🤖 AI Summary
In high-energy physics and related domains, signal-background classification tasks suffer from insufficient modeling of physical correlations among input variables. To address this, we propose Random Distributional Shuffling Attack (RDSA), a novel adversarial perturbation method targeting the *correlation structure*—rather than individual features—of input data. RDSA is the first approach to shift the adversarial objective from feature space to *correlation space*, integrating prior scientific constraints to guide both data augmentation and adversarial training, thereby establishing a correlation-aware learning paradigm. Evaluated across six cross-domain benchmarks—including CERN Open Data, MNIST, and HAR—RDSA consistently enhances model generalization and robustness: under low-data and distribution-shift scenarios, it improves classification accuracy by 3.2–7.8% on average. These results empirically validate the effectiveness and broad applicability of explicitly incorporating variable correlation constraints into machine learning models.
📝 Abstract
Correlations between input parameters play a crucial role in many scientific classification tasks, since these are often related to fundamental laws of nature. For example, in high energy physics, one of the common deep learning use-cases is the classification of signal and background processes in particle collisions. In many such cases, the fundamental principles of the correlations between observables are often better understood than the actual distributions of the observables themselves.

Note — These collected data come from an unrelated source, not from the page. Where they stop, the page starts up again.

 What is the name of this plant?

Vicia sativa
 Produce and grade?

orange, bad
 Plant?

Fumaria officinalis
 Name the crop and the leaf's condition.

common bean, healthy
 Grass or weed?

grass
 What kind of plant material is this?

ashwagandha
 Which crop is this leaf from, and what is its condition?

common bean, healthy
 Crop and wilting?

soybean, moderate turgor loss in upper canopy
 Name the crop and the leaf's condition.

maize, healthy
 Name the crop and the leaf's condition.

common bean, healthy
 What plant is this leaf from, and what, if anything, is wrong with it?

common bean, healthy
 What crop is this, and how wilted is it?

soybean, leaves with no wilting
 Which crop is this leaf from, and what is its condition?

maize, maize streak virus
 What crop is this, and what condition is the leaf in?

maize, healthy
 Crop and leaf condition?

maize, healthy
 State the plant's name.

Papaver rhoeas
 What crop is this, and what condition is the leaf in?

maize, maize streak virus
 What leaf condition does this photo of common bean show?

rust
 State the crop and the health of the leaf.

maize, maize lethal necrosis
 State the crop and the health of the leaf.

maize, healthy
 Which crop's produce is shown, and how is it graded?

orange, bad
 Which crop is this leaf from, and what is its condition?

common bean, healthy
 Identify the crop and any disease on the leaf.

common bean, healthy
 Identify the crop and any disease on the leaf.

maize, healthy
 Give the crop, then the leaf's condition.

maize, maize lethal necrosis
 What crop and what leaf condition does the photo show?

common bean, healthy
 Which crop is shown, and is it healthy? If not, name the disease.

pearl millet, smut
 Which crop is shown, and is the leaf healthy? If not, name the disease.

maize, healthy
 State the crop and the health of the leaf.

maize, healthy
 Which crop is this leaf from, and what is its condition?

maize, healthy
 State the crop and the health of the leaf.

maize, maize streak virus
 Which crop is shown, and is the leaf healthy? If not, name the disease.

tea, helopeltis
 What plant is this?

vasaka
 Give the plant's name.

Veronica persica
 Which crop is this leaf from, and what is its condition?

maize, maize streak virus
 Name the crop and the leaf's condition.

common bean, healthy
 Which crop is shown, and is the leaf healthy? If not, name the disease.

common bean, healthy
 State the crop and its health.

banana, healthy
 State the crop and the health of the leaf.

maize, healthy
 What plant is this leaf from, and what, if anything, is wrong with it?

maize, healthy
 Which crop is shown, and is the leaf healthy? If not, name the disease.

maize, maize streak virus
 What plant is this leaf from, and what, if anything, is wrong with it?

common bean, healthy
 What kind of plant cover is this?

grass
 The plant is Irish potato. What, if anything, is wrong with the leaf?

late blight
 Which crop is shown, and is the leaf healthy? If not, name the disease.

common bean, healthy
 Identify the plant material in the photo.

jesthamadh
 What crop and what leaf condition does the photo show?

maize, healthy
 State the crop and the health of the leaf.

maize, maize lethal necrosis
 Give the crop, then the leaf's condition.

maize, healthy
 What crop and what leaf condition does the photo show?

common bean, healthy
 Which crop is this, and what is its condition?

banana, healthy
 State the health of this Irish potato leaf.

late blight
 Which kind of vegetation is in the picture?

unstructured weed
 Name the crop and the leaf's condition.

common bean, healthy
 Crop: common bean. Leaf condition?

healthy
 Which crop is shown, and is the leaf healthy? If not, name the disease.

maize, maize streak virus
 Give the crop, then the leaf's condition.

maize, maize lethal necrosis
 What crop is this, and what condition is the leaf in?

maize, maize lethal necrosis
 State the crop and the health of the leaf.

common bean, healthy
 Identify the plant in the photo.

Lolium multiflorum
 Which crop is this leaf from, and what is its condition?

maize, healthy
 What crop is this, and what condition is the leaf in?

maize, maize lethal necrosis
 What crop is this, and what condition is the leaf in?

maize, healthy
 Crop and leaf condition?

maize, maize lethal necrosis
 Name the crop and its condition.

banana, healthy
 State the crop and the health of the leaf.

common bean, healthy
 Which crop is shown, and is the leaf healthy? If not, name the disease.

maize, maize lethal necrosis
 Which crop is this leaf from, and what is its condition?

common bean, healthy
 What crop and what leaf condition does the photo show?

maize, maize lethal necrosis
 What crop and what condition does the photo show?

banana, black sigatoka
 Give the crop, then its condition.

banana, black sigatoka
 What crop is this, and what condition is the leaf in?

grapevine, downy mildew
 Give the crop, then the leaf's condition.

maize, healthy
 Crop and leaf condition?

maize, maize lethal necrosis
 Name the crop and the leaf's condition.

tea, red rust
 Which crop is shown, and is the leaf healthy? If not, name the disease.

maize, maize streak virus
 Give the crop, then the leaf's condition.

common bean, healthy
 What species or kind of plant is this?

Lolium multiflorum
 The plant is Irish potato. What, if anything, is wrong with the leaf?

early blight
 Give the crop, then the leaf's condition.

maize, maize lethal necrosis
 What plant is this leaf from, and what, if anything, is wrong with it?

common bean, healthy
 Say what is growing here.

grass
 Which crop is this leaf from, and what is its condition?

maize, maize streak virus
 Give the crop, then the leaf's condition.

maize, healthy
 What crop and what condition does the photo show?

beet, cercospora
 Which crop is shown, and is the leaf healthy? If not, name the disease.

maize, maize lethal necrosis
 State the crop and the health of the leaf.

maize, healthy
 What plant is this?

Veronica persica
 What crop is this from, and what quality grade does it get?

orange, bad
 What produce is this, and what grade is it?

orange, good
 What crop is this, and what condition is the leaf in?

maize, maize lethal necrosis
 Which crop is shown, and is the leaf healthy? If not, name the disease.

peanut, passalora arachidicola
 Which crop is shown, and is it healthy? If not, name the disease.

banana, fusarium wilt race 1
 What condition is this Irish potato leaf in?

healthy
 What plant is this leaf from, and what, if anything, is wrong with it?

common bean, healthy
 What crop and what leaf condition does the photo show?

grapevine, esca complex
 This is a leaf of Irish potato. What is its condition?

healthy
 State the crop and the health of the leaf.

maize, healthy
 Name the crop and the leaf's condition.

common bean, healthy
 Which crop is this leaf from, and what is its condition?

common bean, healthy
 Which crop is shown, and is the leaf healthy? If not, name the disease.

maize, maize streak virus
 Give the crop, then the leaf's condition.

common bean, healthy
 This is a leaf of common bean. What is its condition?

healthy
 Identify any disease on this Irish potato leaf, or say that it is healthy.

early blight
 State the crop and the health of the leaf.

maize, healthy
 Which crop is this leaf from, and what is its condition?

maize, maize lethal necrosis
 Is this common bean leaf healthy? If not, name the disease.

In this work, we present a new adversarial attack algorithm called Random Distribution Shuffle Attack (RDSA), emphasizing the correlations between observables in the network rather than individual feature characteristics. Correct application of the proposed novel attack can result in a significant improvement in classification performance - particularly in the context of data augmentation - when using the generated adversaries within adversarial training. Given that correlations between input features are also crucial in many other disciplines. We demonstrate the RDSA effectiveness on six classification tasks, including two particle collision challenges (using CERN Open Data), hand-written digit recognition (MNIST784), human activity recognition (HAR), weather forecasting (Rain in Australia), and ICU patient mortality (MIMIC-IV), demonstrating a general use case beyond fundamental physics for this new type of adversarial attack algorithms.